Directions for this task:
Each line in the data holding "clipPath" should be listed.

Material provided:
◆ ◆ ◆

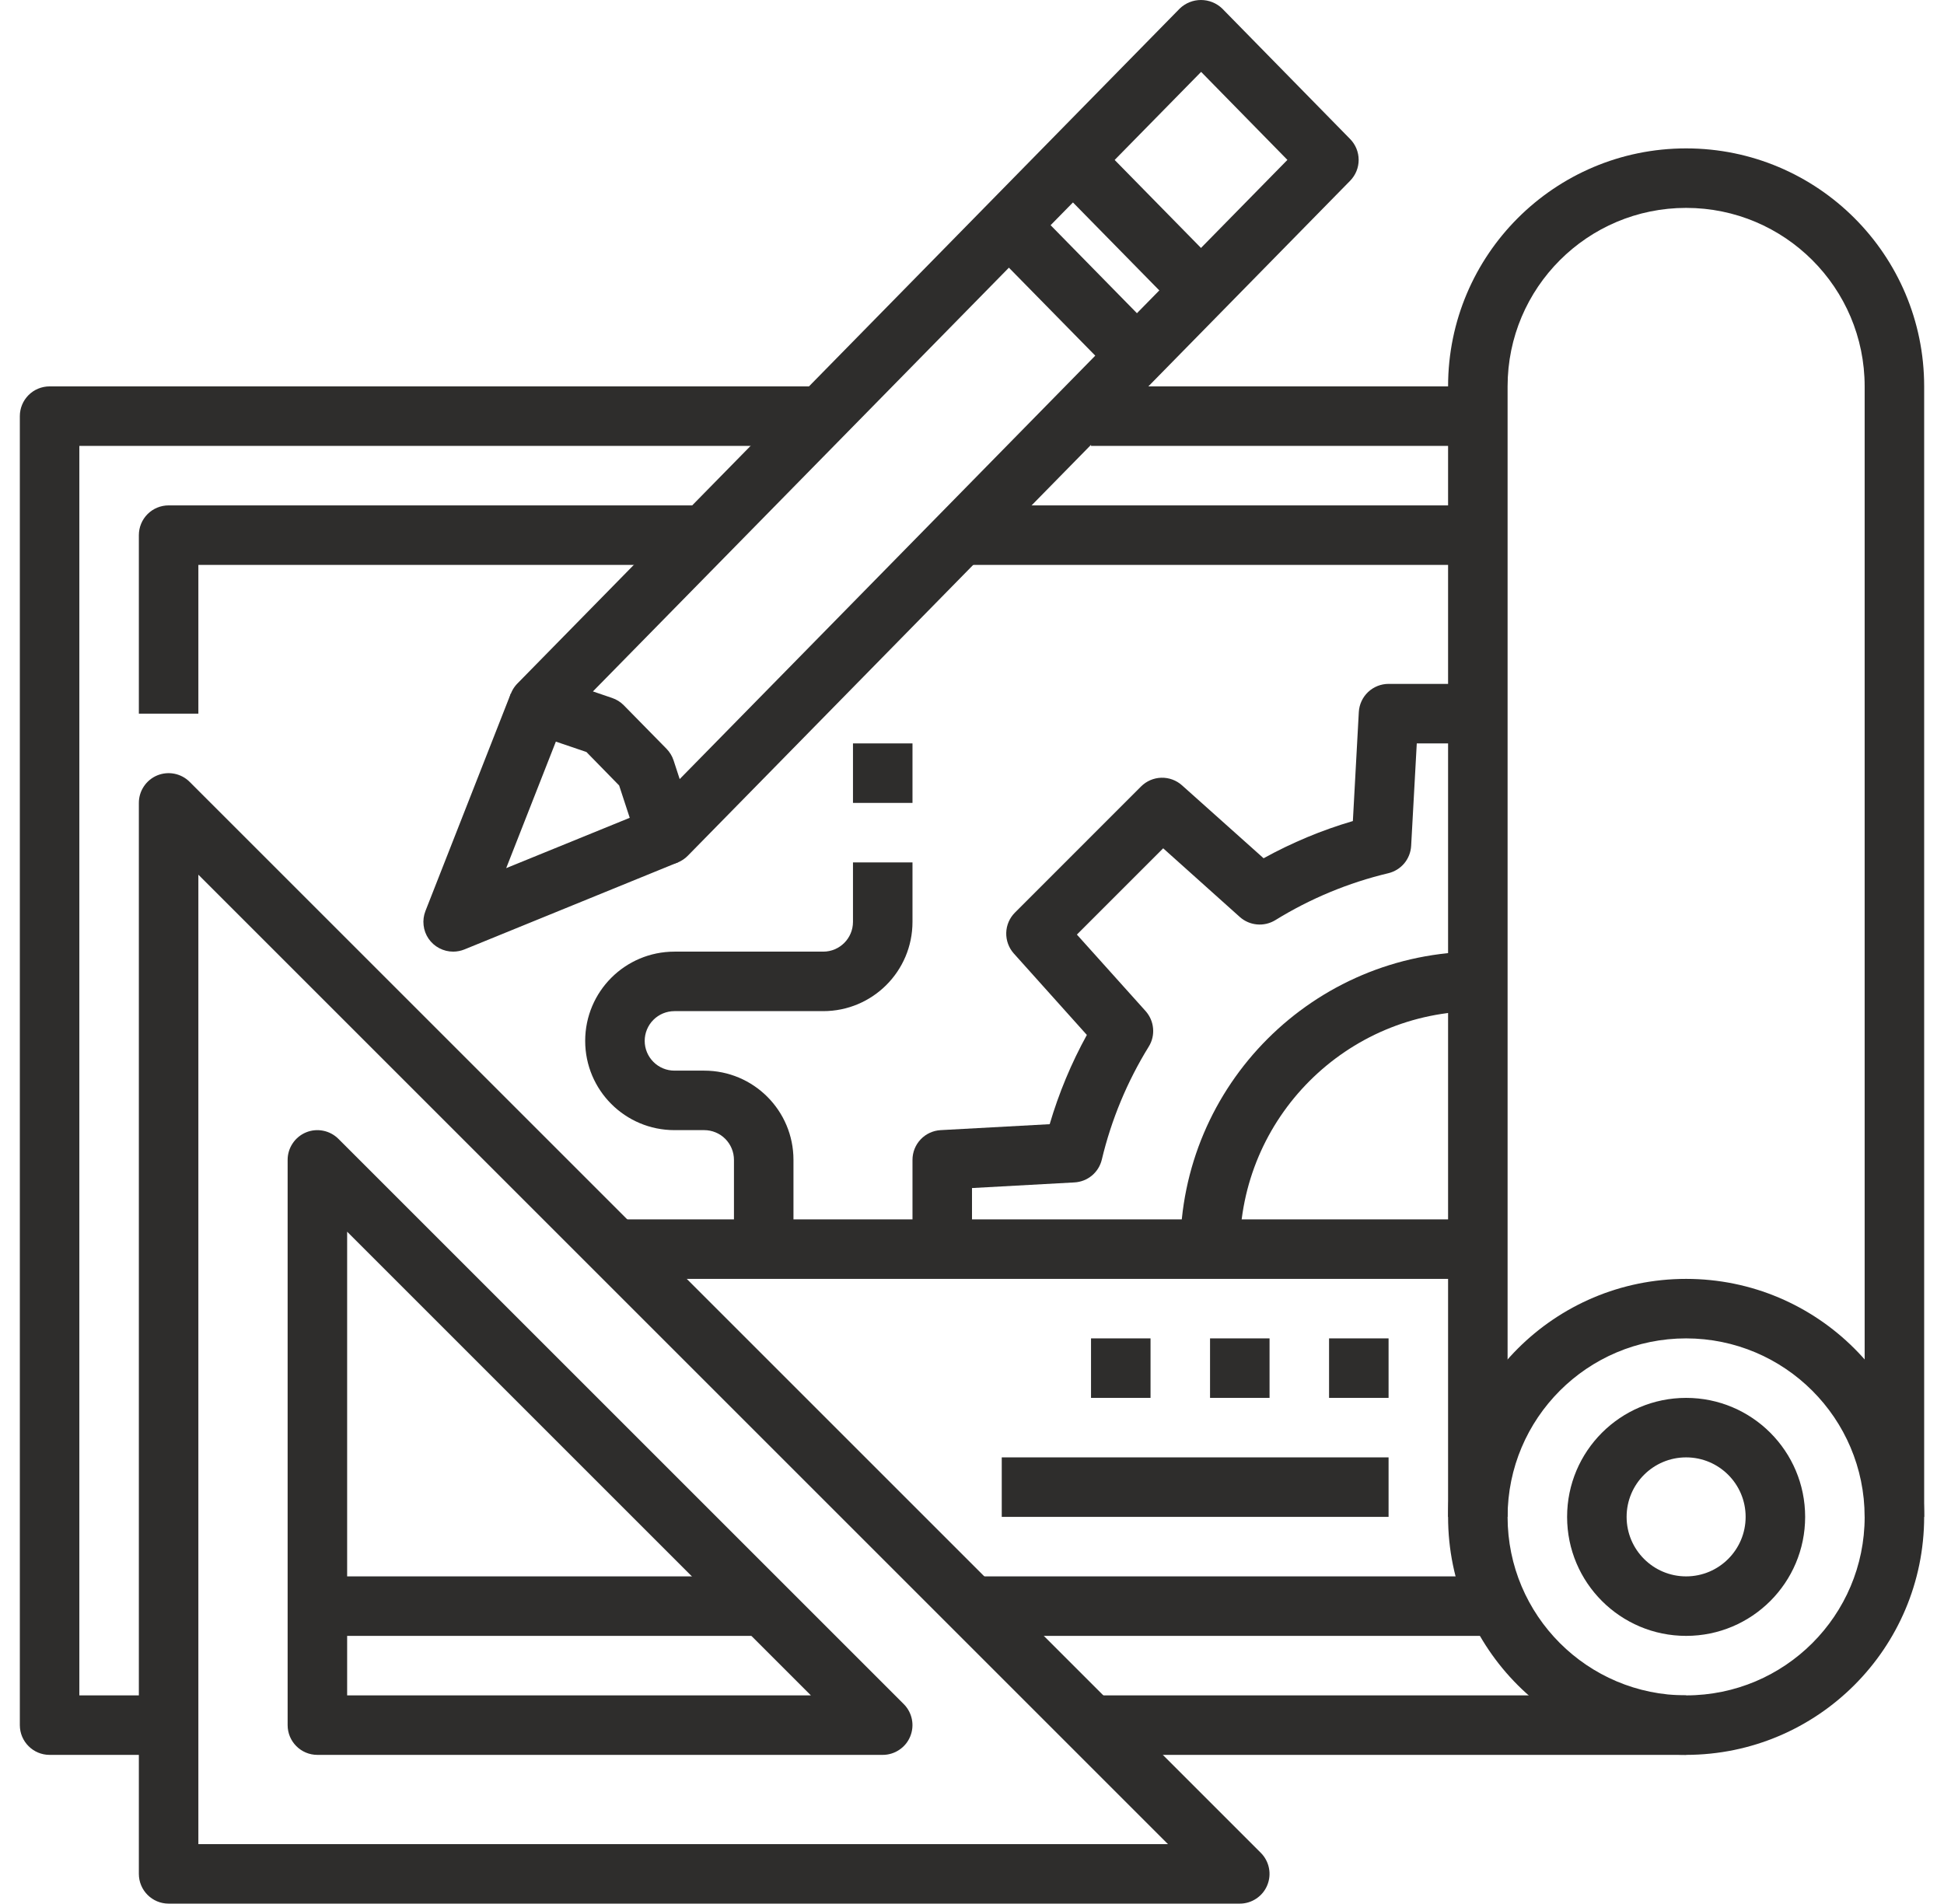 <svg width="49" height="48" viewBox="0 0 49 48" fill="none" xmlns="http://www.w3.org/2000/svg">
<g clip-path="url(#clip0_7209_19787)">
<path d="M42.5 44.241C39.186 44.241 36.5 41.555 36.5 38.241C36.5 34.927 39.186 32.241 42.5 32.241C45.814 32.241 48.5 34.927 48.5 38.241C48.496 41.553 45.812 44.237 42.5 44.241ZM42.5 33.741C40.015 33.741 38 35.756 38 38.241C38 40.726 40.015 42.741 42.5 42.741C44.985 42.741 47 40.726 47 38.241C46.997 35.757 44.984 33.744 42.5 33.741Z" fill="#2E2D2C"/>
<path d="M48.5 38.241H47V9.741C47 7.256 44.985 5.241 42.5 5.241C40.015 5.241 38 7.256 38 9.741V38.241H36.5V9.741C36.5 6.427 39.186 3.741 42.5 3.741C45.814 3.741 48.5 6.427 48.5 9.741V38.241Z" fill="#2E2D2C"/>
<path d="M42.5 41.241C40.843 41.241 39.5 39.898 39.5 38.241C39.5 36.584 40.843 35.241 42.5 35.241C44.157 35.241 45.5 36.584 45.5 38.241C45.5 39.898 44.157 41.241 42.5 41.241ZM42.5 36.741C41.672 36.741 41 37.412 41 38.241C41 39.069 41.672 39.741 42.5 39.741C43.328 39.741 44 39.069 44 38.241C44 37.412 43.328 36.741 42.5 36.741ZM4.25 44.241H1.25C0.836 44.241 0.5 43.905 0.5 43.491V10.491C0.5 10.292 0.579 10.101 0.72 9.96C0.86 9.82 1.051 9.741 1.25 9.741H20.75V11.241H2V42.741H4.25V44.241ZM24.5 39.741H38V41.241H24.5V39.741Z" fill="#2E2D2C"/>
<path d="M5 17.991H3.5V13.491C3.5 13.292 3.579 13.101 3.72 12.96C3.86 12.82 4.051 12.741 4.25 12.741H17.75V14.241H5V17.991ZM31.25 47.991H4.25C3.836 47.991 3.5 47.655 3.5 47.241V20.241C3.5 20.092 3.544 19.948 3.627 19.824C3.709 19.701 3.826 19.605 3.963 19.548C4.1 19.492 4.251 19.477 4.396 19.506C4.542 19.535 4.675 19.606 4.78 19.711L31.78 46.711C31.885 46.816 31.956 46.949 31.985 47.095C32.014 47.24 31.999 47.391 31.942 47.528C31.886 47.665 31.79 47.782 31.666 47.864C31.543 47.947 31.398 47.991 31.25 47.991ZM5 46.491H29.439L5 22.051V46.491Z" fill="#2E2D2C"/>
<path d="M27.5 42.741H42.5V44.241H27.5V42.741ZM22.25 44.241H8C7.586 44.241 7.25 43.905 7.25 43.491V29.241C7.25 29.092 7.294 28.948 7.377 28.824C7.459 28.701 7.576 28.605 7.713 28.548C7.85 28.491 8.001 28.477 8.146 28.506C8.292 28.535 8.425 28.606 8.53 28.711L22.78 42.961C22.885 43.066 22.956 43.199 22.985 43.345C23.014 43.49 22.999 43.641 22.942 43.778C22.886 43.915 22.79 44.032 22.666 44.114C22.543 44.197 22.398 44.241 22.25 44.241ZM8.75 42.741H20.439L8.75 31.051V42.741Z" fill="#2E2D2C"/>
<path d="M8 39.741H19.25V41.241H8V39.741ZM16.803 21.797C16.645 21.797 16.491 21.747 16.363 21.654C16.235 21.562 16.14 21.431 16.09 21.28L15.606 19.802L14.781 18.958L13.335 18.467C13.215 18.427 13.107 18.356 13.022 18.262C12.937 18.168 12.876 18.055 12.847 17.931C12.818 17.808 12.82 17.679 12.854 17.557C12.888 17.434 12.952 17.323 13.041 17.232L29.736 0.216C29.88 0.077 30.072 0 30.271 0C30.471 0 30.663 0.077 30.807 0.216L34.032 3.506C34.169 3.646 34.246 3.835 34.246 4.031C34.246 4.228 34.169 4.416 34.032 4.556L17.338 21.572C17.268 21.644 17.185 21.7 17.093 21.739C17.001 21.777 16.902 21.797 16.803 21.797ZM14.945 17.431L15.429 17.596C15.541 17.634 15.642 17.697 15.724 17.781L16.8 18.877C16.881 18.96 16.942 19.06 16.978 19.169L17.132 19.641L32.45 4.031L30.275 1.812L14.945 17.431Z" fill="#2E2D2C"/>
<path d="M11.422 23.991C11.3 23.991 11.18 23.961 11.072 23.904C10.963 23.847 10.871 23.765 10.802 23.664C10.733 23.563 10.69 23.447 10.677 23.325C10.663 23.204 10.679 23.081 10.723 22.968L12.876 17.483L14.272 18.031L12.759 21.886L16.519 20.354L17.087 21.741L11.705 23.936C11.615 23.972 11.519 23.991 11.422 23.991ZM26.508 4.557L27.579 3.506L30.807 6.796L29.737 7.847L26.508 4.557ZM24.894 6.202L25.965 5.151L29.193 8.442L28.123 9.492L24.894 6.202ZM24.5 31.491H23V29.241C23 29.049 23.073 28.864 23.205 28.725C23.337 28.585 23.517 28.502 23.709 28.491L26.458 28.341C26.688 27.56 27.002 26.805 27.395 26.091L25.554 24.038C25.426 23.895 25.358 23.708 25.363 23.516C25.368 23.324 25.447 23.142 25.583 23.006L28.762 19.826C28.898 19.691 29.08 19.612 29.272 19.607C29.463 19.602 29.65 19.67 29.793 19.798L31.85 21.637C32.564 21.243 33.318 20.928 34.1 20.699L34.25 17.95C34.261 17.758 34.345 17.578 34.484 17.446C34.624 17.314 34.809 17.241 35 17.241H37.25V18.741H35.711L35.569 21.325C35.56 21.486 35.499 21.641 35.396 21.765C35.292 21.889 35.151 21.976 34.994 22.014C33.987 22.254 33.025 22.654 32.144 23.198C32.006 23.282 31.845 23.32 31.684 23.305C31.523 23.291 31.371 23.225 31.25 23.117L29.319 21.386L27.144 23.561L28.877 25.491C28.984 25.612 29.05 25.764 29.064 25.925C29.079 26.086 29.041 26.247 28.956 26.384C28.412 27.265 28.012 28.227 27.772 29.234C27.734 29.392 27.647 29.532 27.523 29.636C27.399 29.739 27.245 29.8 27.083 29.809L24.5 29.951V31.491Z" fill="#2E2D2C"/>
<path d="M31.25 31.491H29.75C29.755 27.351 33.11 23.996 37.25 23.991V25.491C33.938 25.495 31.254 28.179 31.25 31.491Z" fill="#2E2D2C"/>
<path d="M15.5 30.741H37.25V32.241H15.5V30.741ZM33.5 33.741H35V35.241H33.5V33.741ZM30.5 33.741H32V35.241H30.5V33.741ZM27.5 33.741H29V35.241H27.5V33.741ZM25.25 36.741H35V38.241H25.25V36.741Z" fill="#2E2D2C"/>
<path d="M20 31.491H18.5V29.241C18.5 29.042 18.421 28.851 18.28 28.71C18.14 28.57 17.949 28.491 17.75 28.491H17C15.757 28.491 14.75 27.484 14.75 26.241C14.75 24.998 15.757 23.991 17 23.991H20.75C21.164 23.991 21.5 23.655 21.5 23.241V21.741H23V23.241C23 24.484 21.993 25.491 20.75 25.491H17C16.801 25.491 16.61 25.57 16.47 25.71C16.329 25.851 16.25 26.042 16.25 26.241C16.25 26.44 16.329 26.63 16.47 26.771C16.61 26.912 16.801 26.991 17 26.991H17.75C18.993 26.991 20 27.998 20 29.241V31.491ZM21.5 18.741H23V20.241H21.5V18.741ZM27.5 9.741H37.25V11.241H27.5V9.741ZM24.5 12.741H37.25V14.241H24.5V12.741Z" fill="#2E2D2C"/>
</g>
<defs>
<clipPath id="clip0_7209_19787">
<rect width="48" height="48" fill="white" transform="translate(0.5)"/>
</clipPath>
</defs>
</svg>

◆ ◆ ◆

Answer to this task:
<clipPath id="clip0_7209_19787">
</clipPath>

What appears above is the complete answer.